Extraordinaire aventure tendue vers son but unique : «arracher au cosmos quelques lambeaux de connaissance fraîche, ce qui seul réellement compte». Il n'a pas son pareil pour évoquer les paysages mauritaniens, pour raconter ses longues méharées dans les dunes, ni pour décrire la faune, la flore, l'histoire et la préhistoire de ces régions où notamment, dans les années trente, il entendit parler d'une mystérieuse et gigantesque météorite qu'il cherchera durant des années, avec une insatiable curiosité, mais en vain. Surnommé par les Maures le Majnoun, le fou du désert, un grand respect l'entoure en Afrique. Nul mieux que Théodore Monod n'a su illustrer au XX ème  siècle l'une des vocations scientifiques initiée par les plus célèbres savants du Jardin du Roy, celle de naturaliste voyageur. Dans toutes les disciplines scientifiques auxquelles il a apporté sa contribution, Théodore Monod l'a fait avec autant de rigueur et d'exigence qu'en est capable un homme dont la vie entière a été vouée à la science.

La création de l'IFAN (Institut Français d'Afrique Noire, devenu en 1965 Institut Fondamental d'Afrique Noire), qu'il dirigea de 1938 à 1965, lui a permis de développer, à l'image du Muséum National d'Histoire Naturelle, une institution dédiée au continent africain. Aujourd'hui, il est professeur honoraire (depuis 1974) au Muséum où il continue encore à se rendre chaque jour - quand il n'est pas en voyage au Sahara. Bien qu'il ne cherche pas les honneurs, il est membre de l'Institut (Académie des Sciences, 1963), de l'Académie de Marine (1957), de l'Académie des Sciences d'Outre-mer (1949), de l'Académie des Sciences et de de l'Académie de Marine de Lisbonne, de l'Académie royale des Sciences d'Outre-mer de Belgique, quatre fois lauréat (médailles d'or) de la Société de Géographie, de l'Académie des sciences, de la Royal Geographical Society (1960), de l'American Geographical Society (1961). Il est docteur honoris causa des Universités de Cologne (1965) et de Neuchâtel (1968) et commandeur dans les ordres de la Légion d'honneur, des Palmes académiques et du Mérite Saharien (1962).

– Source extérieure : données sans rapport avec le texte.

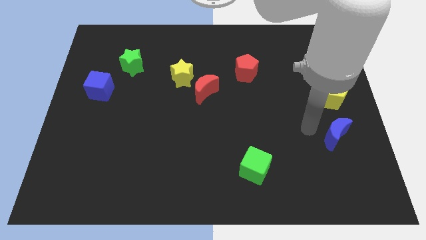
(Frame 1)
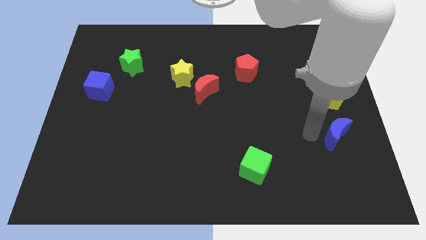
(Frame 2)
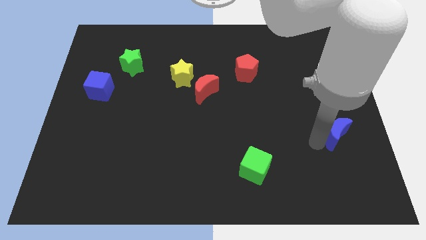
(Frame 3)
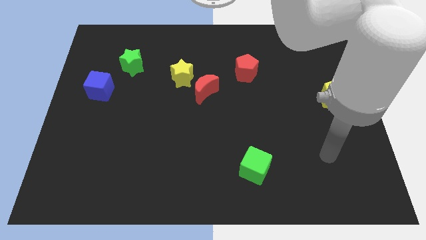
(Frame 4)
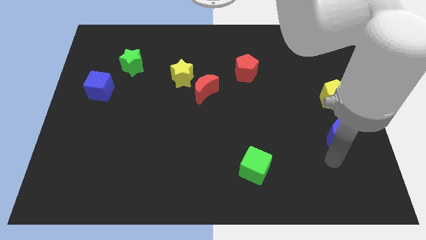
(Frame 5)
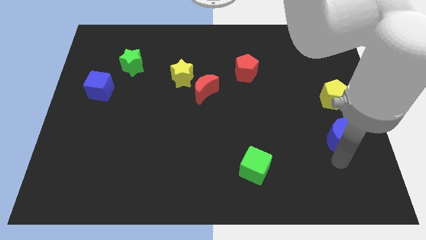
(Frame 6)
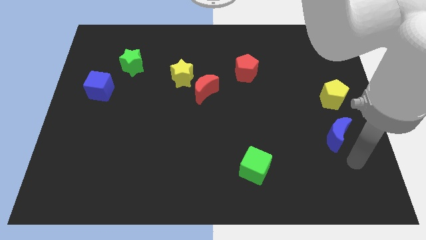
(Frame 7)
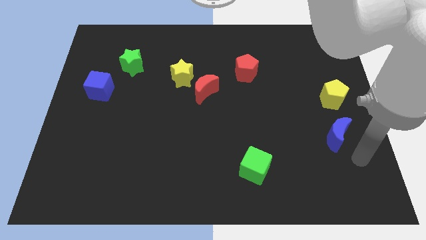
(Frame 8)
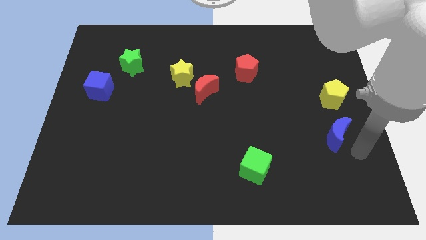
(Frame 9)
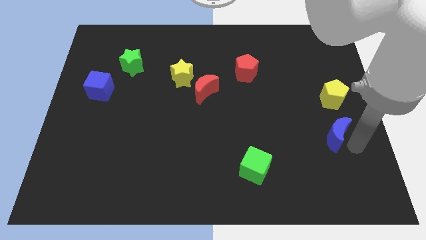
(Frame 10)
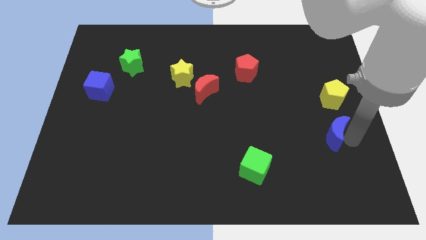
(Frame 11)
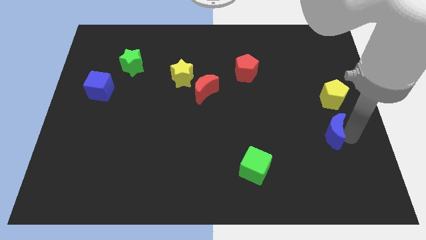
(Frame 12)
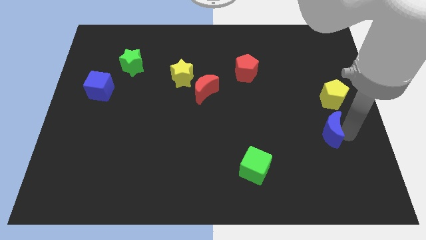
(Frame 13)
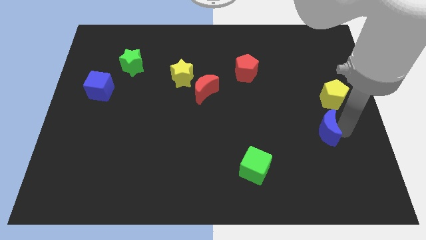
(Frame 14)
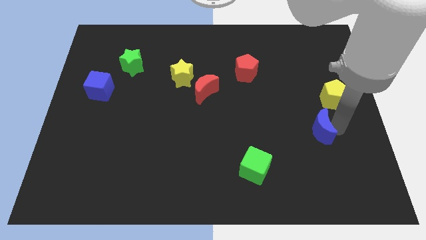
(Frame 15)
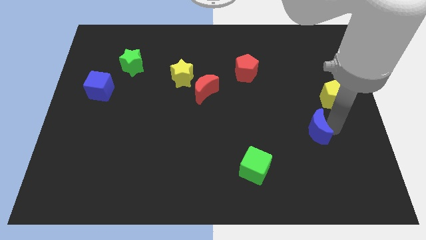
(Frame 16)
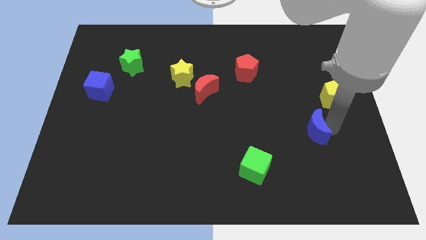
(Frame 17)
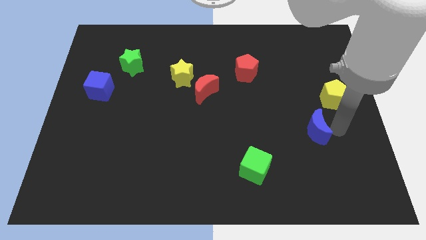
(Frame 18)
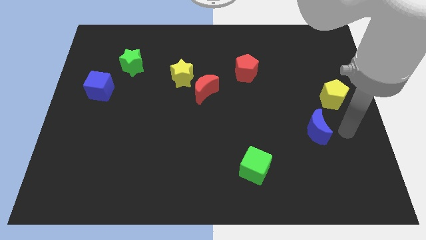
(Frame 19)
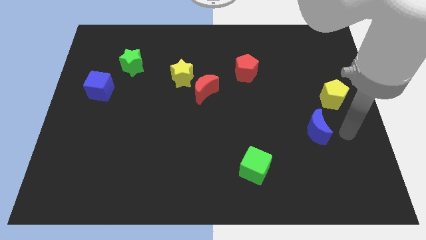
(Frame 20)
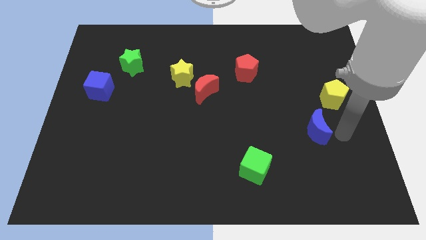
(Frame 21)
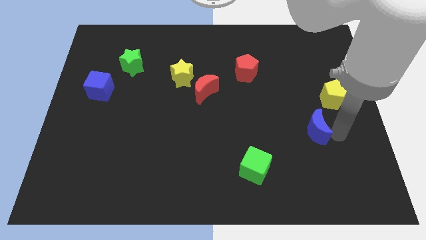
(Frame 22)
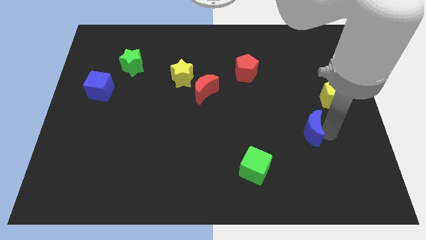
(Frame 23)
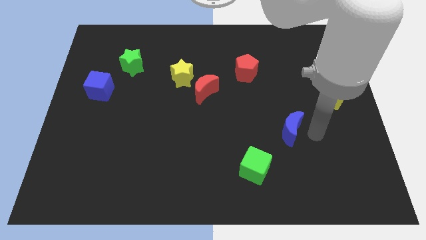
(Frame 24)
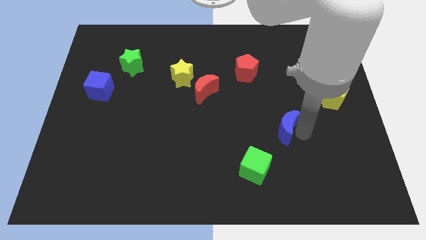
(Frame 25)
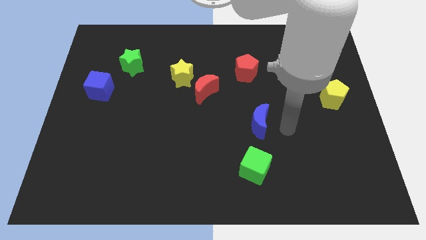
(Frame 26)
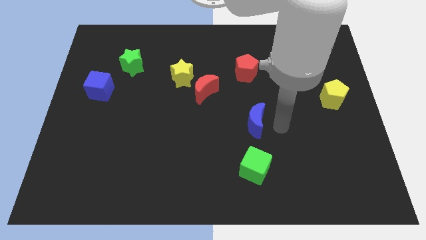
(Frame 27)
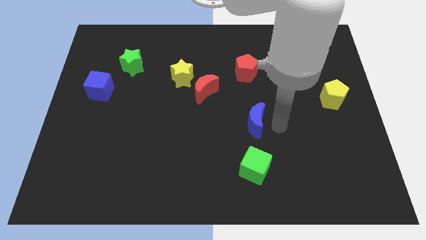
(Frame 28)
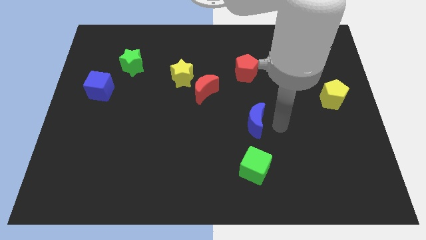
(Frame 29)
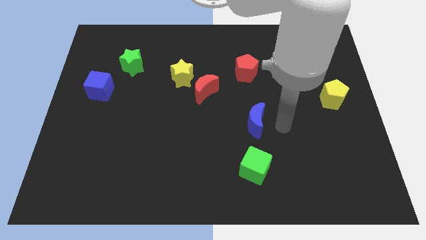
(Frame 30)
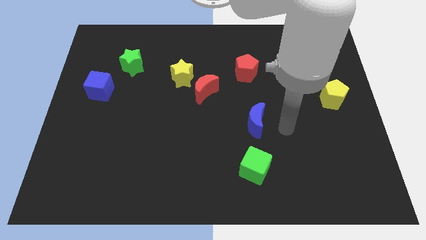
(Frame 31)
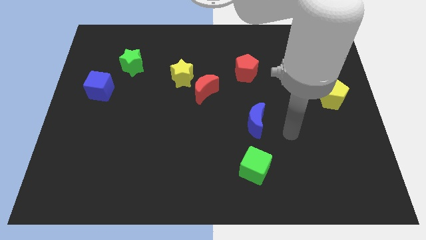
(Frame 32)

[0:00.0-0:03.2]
move the blue moon above the green cube

Depuis 1922, date de son entrée au Muséum, il a signé près de 800 publications et communications sur les sujets les plus divers. En effet, naturaliste au sens plein et vrai du terme, Théodore Monod, s'il reste officiellement zoologiste, s'est aussi laissé tenter, au hasard des pistes sahariennes, par la botanique, la géologie, l'archéologie et l'histoire ; mais au-delà de ses activités scientifiques, c'est un humaniste, ouvert aux joies de la contemplation, au sentiment de l'unité du cosmos, à la splendeur du monde, à la sympathie et à la pitié pour tous les vivants. Grand défenseur de la nature, il s'est mobilisé sur tous les fronts de la conservation de la nature et des droits des animaux : il est notamment président du Rassemblement des Opposants à la Chasse (R.O.C.), vice-président de la Société Nationale de Protection de la Nature (S.N.P.N.) et membre du Conseil de la Ligue Française des Droits de l'Animal.

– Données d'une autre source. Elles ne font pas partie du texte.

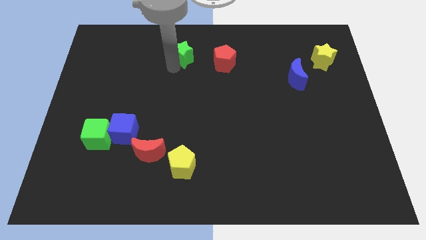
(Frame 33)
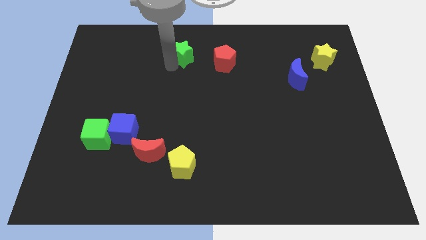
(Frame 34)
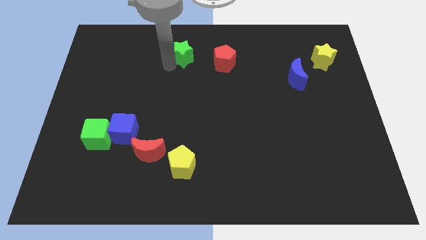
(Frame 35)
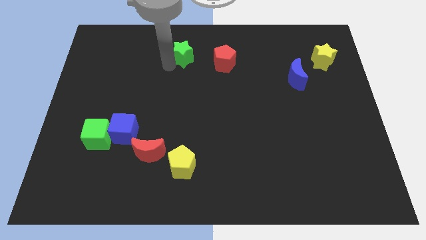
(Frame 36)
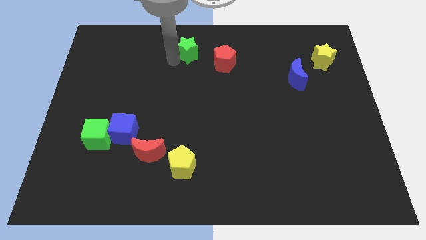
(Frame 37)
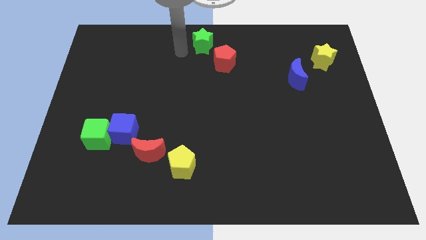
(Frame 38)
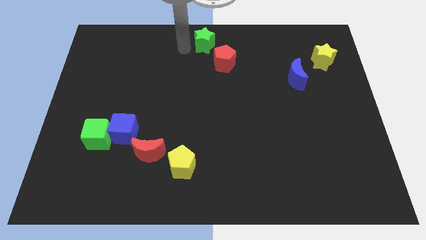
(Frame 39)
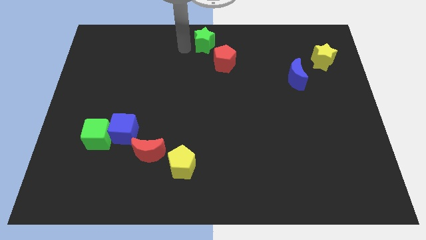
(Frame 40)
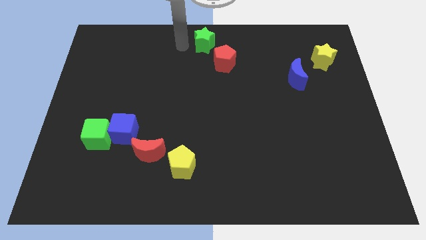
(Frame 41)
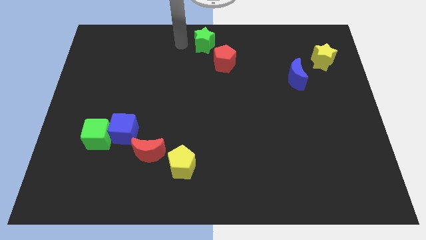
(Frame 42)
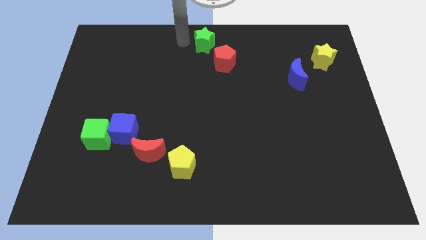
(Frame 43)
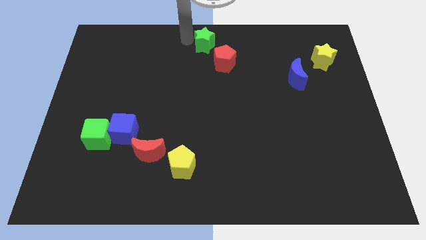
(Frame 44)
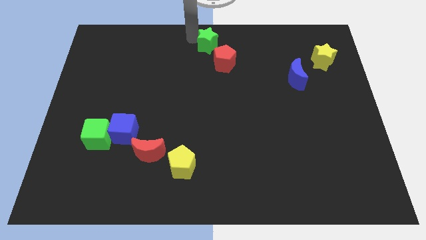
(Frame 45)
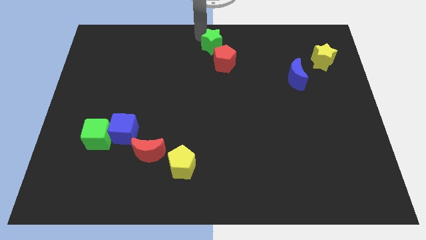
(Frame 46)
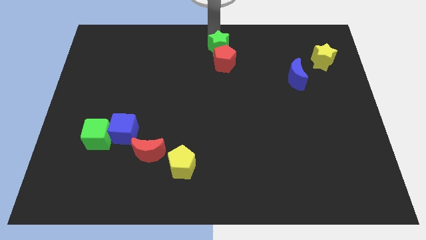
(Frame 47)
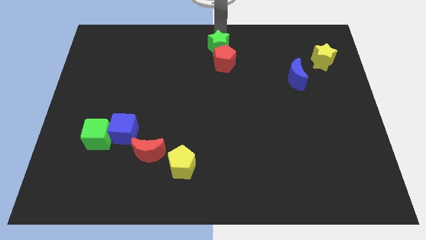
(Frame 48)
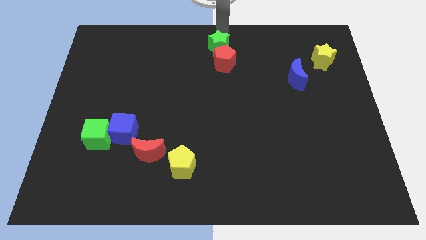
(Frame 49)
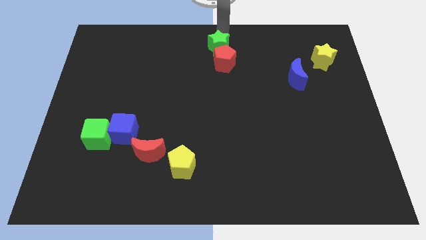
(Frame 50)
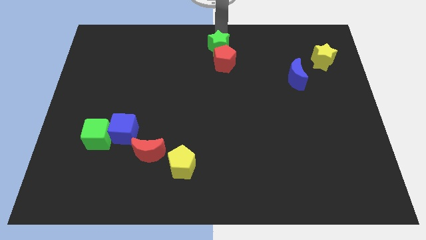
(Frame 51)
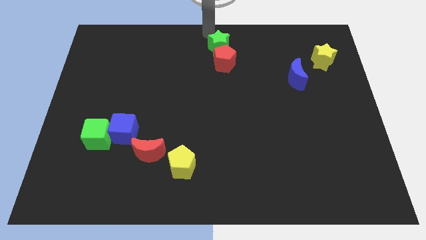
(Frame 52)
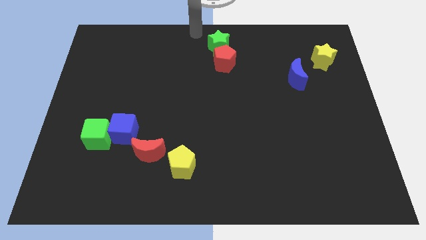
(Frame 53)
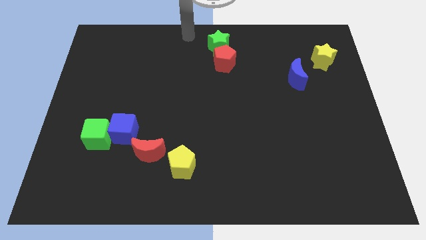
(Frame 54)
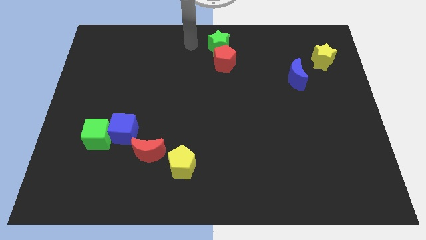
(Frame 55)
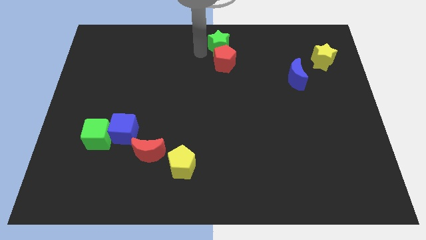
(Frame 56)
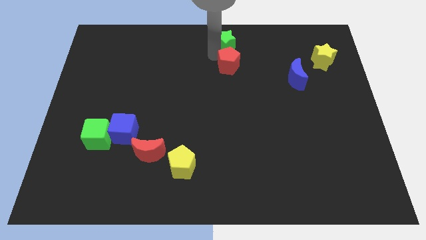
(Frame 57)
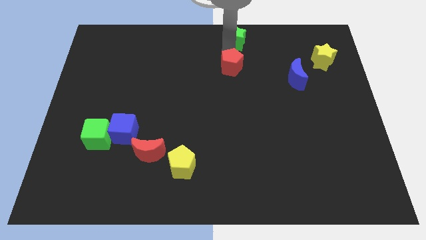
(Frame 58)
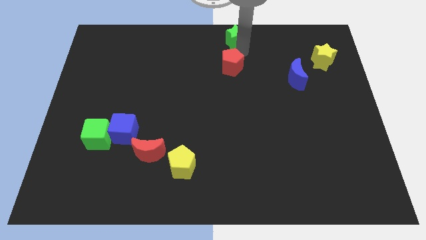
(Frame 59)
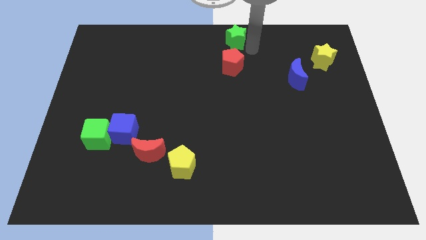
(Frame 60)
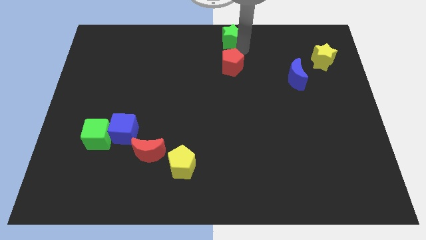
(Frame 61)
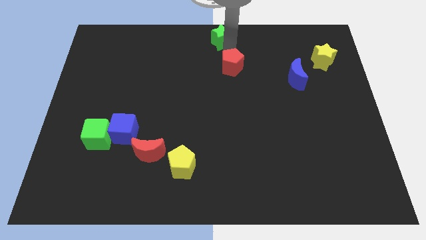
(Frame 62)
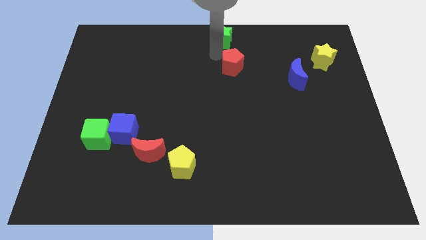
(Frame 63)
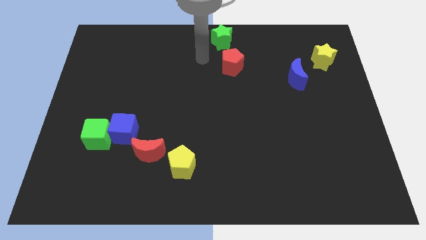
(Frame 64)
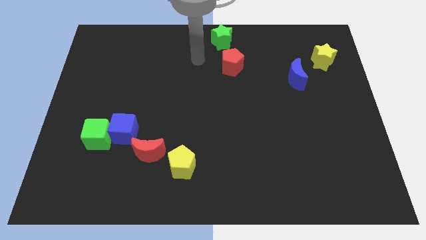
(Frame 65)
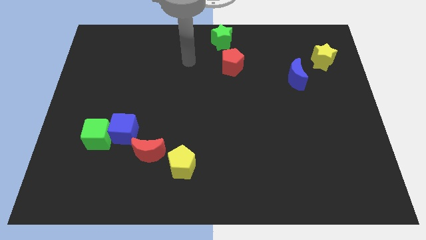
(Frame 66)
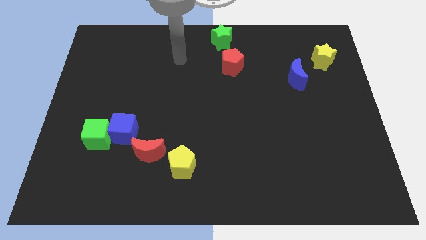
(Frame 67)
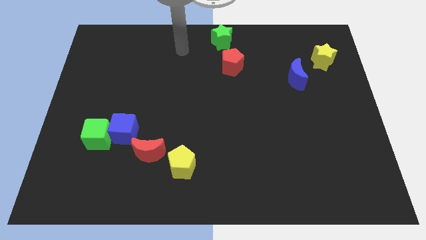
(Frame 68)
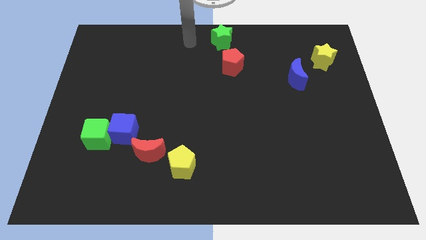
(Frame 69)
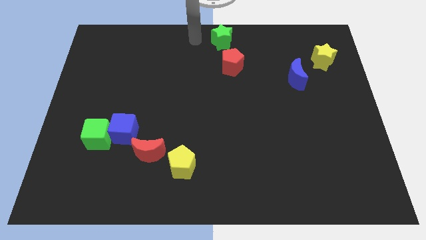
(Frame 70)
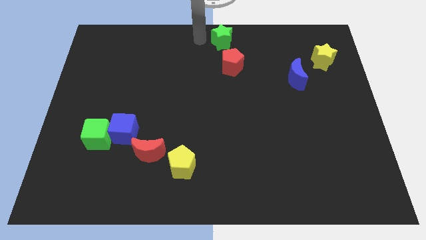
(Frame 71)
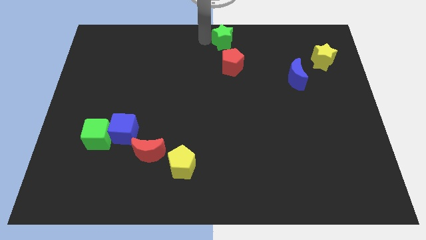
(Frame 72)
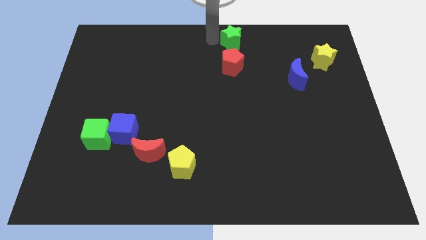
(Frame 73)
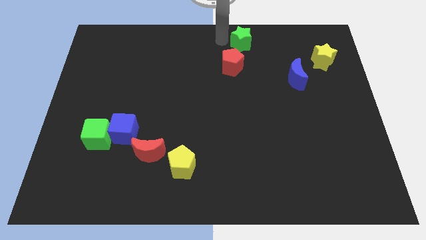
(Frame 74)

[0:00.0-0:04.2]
put the green star at the top center of the board

Protestant, philosophe, pacifiste, non violent convaincu, il a défendu sans relâche les valeurs de conscience et de responsabilité de l'homme face à ses semblables et a pris position dans toutes les luttes pour le respect des droits de l'homme et le respect de la vie. «Face aux menaces, dit-il, il faut que l'homme s'hominise». Cet «obscur apprenti chrétien» pense que le christianisme n'a pas échoué mais qu'il n'a pas encore été essayé. Teilhard de Chardin lui avait écrit : «Vous êtes le seul homme, parmi ceux que je connaisse, qui ait à la fois et également en lui le double sens de l'En-haut et de l'En-avant». Il n'est déçu de rien, sauf peut-être de la disparition du vocabulaire universitaire ou académique de ces mots aussi fondamentaux que «botanique» ou «zoologie».